— Добрый старый Полидект... «Излишнее расточительство в добру не приводит», — пробормотал Перси. — Какую же такую измену совершил твой брат, если царю пришлось издавать специальный закон?
Агесилай сосредоточенно изучал пряди своей бороды. Судя по разочарованию, с которым он, наконец, оставил бороду в покое, никакой больше живности в ней не обнаруживалось.
— Видишь ли, юноша... Мой брат был придворным поваром. Само собой разумеется, он был одновременно и палачом. Вчера ночью у него произошла какая-то ошибка — возможно, он забыл смазать котел жиром. Короче говоря, дело в том, что после казни наш большой котел треснул.

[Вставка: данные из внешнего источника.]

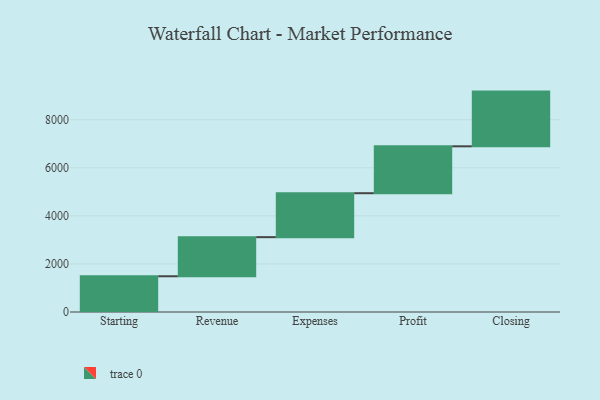
{"axis": {"x": "Step", "y": "Value"}, "legend": [""], "data": [{"x": "Starting", "y": 1487.0, "type": ""}, {"x": "Revenue", "y": 1628.0, "type": ""}, {"x": "Expenses", "y": 1829.0, "type": ""}, {"x": "Profit", "y": 1952.0, "type": ""}, {"x": "Closing", "y": 2277.0, "type": ""}]}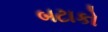
બટાકો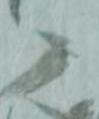
ニ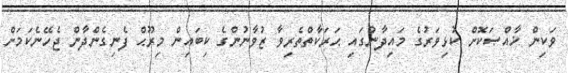
ވަކިން ޚާއްޞަކޮށް ކުޅިވަރުގެ މައިދާނުގައި ޙަރަކާތްތެރިވާ ޒުވާނުންގެ ކިބައިން މިރޫޙް ފެނިގެންދާން ޖެހޭނެކަމަށް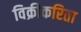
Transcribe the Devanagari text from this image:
विक्रीकरिता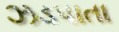
ઝડપાતા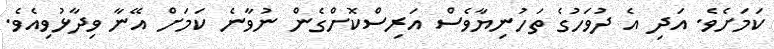
ކަމަށެވެ. އަދި އެ ދުވަހުގެ ތަހުނިޔާވެސް އަރިސްކޮށްގެން ނުވާނެ ކަމަށް އޭނާ ވިދާޅުވިއެވެ.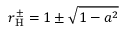
r _ { \mathrm { { H } } } ^ { \pm } = 1 \pm { \sqrt { 1 - a ^ { 2 } } }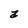
Character: a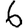
Digit: 6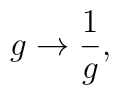
g \rightarrow \frac {1}{g},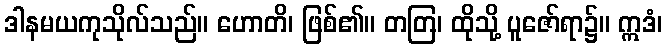
ဒါနမယကုသိုလ်သည်။ ဟောတိ၊ ဖြစ်၏။ တတြ၊ ထိုသို့ ပူဇော်ရာ၌။ ဣဒံ၊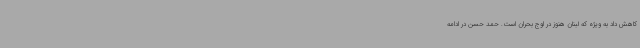
کاهش داد به ویژه که لبنان هنوز در اوج بحران است. حمد حسن در ادامه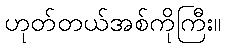
ဟုတ်တယ်အစ်ကိုကြီး။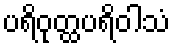
ပရိဝုတ္ထပရိဝါသံ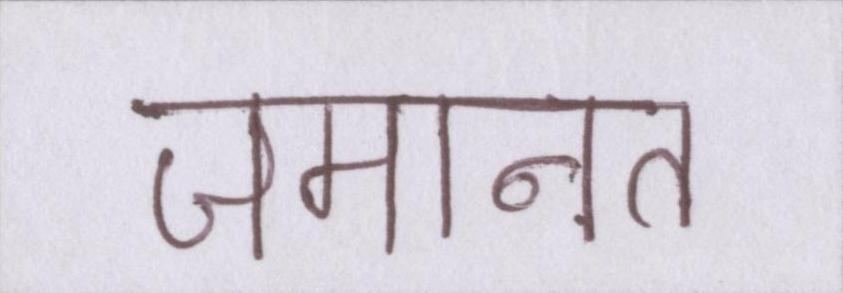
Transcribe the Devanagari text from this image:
जमानत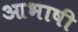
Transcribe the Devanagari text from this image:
आभाषी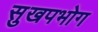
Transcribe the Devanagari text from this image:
सुखपभोग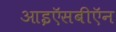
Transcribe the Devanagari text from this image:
आइऍसबीऍन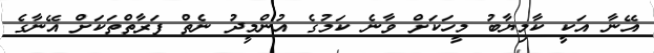
އޭނާ އަކީ ކާމިޔާބު މީހަކަށް ވާނެ ކަމުގެ އުންމީދު ނެތް ފަރާތްތަކަށް އޭނާގެ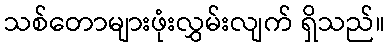
သစ်တောများဖုံးလွှမ်းလျက် ရှိသည်။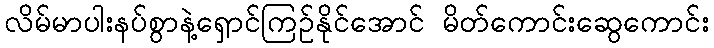
လိမ်မာပါးနပ်စွာနဲ့ရှောင်ကြဥ်နိုင်အောင် မိတ်ကောင်းဆွေကောင်း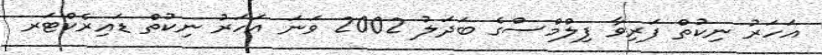
އަހަރު ނިކުތް ފަރިވާ ފިލްމްސްގެ ބަދަލު 2002 ވަނަ އަހަރު ނިކުތް ޑައިރެކްޓަރ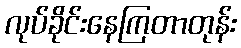
လုပ်ခိုင်းနေကြတာတုန်း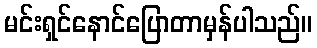
မင်းရှင်နောင်ပြောတာမှန်ပါသည်။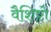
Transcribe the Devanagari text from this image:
वैशिष्टों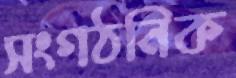
সংগঠনিক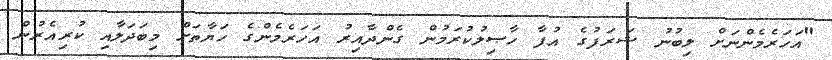
"އަހަރެމެންނަށް ލިބުނު ޝަރަފުގެ އުފާ ހާޞިލުކުރަމުން ގެންދާއިރު އަހަރެމެންގެ ހަޔާތަށް މިބަދަލާއި ކުރިއެރުން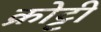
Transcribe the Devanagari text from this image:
क्रोट्टी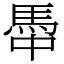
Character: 馽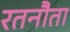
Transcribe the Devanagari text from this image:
रतनौता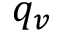
q _ { v }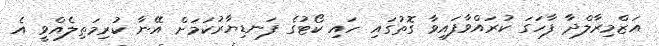
އަޒްމިރާލްދާ ފާހަގަ ކުރައްވާފައިވާ ގޮތުގައި ހައި ކޯޓުގެ ފަނޑިޔާރުކަމަށް އޭނާ ކުރިމަތިލެއްވީ އެ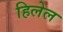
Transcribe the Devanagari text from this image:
हिलेल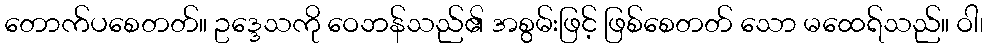
တောက်ပစေတတ်။ ဥဒ္ဒေသကို ဝေဘန်သည်၏ အစွမ်းဖြင့် ဖြစ်စေတတ် သော မထေရ်သည်။ ဝါ၊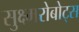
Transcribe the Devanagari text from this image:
सुक्ष्मरोबोट्स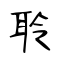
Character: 聆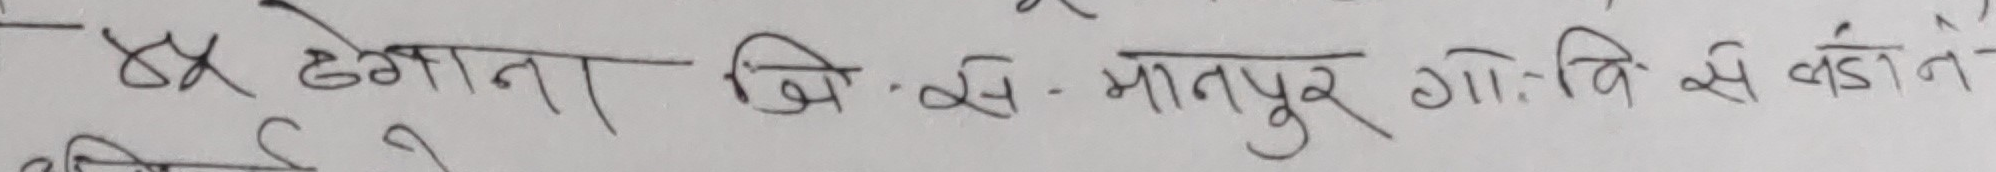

— Треснул?! Ты хочешь сказать, им больше нельзя пользоваться?
— Именно это я и имею в виду. Треснул, как орех. Ну конечно, тебе смешно! Но позволь мне поставить тебя в известность: этот котел был гордостью Серифа! Он был, изготовлен не из бронзы, не из серебра или золота, а — хочешь верь, хочешь нет — из чистого
Перси размышлял о вчерашнем пророчестве Гермеса. Вероятнее всего, тут был не столько случай точного предсказания, как пример открытого саботажа. Он усмехнулся: по крайней мере, котла можно больше не бояться!
— А что это за ходячее пресмыкающееся? — спросила Энн.
Она молча сидела рядом с Перси, пока тот разговаривал со стариком Агесилаем. А потом вдруг пожала Перси руку, давая понять, что тоже надеется, что предсказания Гермеса сбудутся.
— Это не просто объяснить, — медленно проговорил Агесилай. — Скорее всего они полностью вымерли пятьдесят или сорок лет назад. Еще во времена моего прадеда их оставалось совсем мало и становилось с каждым годом все меньше. Они напоминали пифий, которые, как известно, помогают оракулам, или некоторых из мирных морских змеев. Но они были умнее и тех и других. У них были ноги. А есть свидетельства, что были и руки. И они бродили повсюду и творили чудеса. Мой дед рассказывал, что они научили нас делать горшки, и...
— Эй, Агесилай!
Все трое взглянули вверх и увидели веревочную лестницу, которая, раскачиваясь, спускалась в яму. Наверху, нетерпеливо жестикулируя, стоял коренастый человек.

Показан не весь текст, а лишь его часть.